Example Classroom Uses

  • Build an inclusive class culture: "A student who usually feels invisible is invited into a group without the teacher prompting."
  • Redesign feedback culture: "Students use critique to improve their work and still feel proud of trying."
  • Plan student agency: "Students propose a change to school life and adults take their reasoning seriously."
  • Design regenerative action: "The school community treats the local creek as a living system we are responsible to."

Common Pitfalls

  1. Starting with a slogan. "Everyone belongs" is not yet an event. Translate it into visible evidence.
  2. Listing values without structures. Values matter, but they need routines, artefacts, roles, and feedback loops.
  3. Ignoring current constraints. Aspirational does not mean unrealistic.
  4. Putting the burden only on students. Name adult and institutional structures too.
  5. Treating mental models as posters. A new mental model becomes credible through repeated experience, not just words on a wall.

Known Limitations

  1. Produces a design hypothesis, not a validated programme. The aspirational iceberg and its supporting structures need testing through real classroom experiments before any claim of effectiveness can be made.
  2. May generate unreachable structures. Some identified structures may be beyond the teacher's or students' sphere of control.
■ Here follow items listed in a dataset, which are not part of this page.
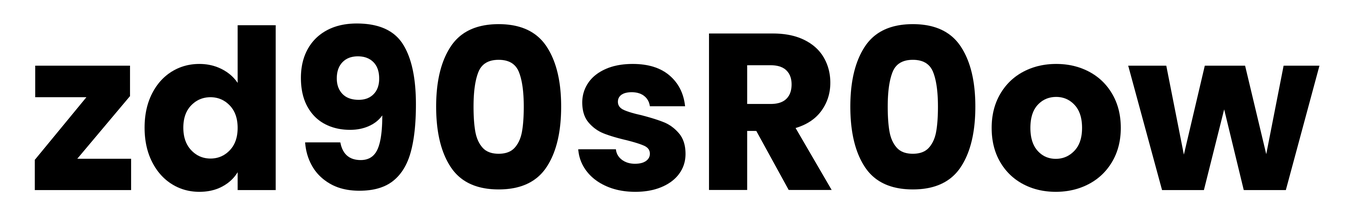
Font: Poppins-Bold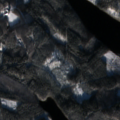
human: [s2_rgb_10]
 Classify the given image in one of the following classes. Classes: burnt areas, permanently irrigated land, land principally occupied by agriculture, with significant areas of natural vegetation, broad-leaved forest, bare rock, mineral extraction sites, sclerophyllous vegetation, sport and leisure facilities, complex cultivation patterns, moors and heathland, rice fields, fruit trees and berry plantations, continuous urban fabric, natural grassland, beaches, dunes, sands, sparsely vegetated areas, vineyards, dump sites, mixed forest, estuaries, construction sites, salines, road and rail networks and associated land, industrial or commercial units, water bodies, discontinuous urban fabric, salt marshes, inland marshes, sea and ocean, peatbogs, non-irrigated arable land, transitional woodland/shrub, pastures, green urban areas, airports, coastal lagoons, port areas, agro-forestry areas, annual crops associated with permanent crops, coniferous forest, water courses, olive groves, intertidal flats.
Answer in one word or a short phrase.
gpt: broad-leaved forest, coniferous forest, mixed forest, transitional woodland/shrub, water bodies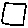
Label: square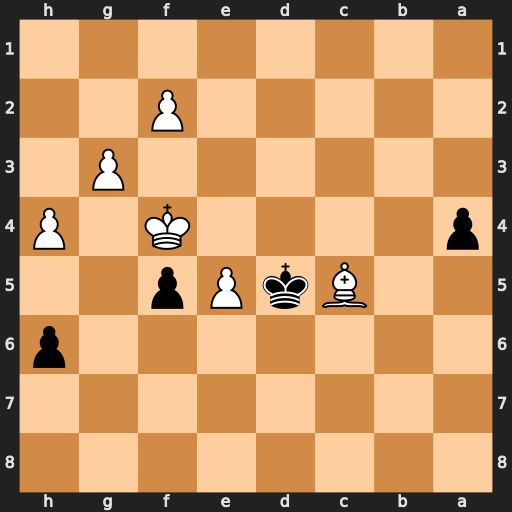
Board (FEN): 8/8/7p/2BkPp2/p4K1P/6P1/5P2/8
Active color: b
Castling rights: -
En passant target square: -
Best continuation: Kxc5 Kxf5 a3 e6 Kd6
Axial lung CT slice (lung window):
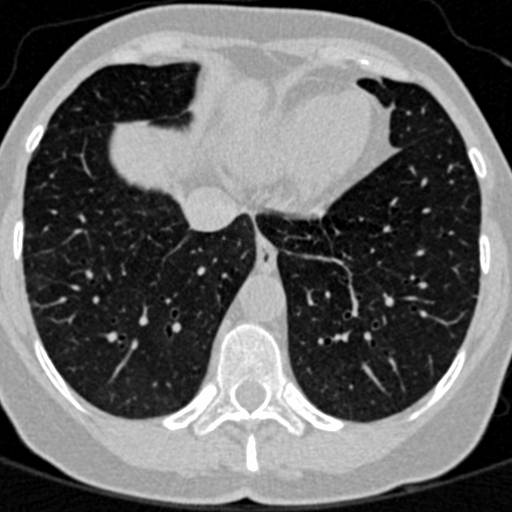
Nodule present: no

Teacher judgement is needed to filter for feasibility before investing in full design.
  3. Degrades with vague aspirations. "A welcoming class culture" is harder to design for than "a student who usually eats alone is invited to join a group by a peer without teacher prompting." The tool needs an observable, specific desired event to function well.
  4. Does not model time or capacity required. The skill identifies what structures are needed but not how long they take to embed, how much staff capacity they require, or what must stop to make room for them.

Verification Checklist

  • The aspiration is stated as an observable event.
  • At least five patterns/behaviours are named.
  • Structures include routines, roles, artefacts, time, feedback, and support.
  • Mental-model shifts are paired with experiences that could make them believable.
  • The first experiment is small enough to try soon.
  • The activity could be facilitated with students, not only adults.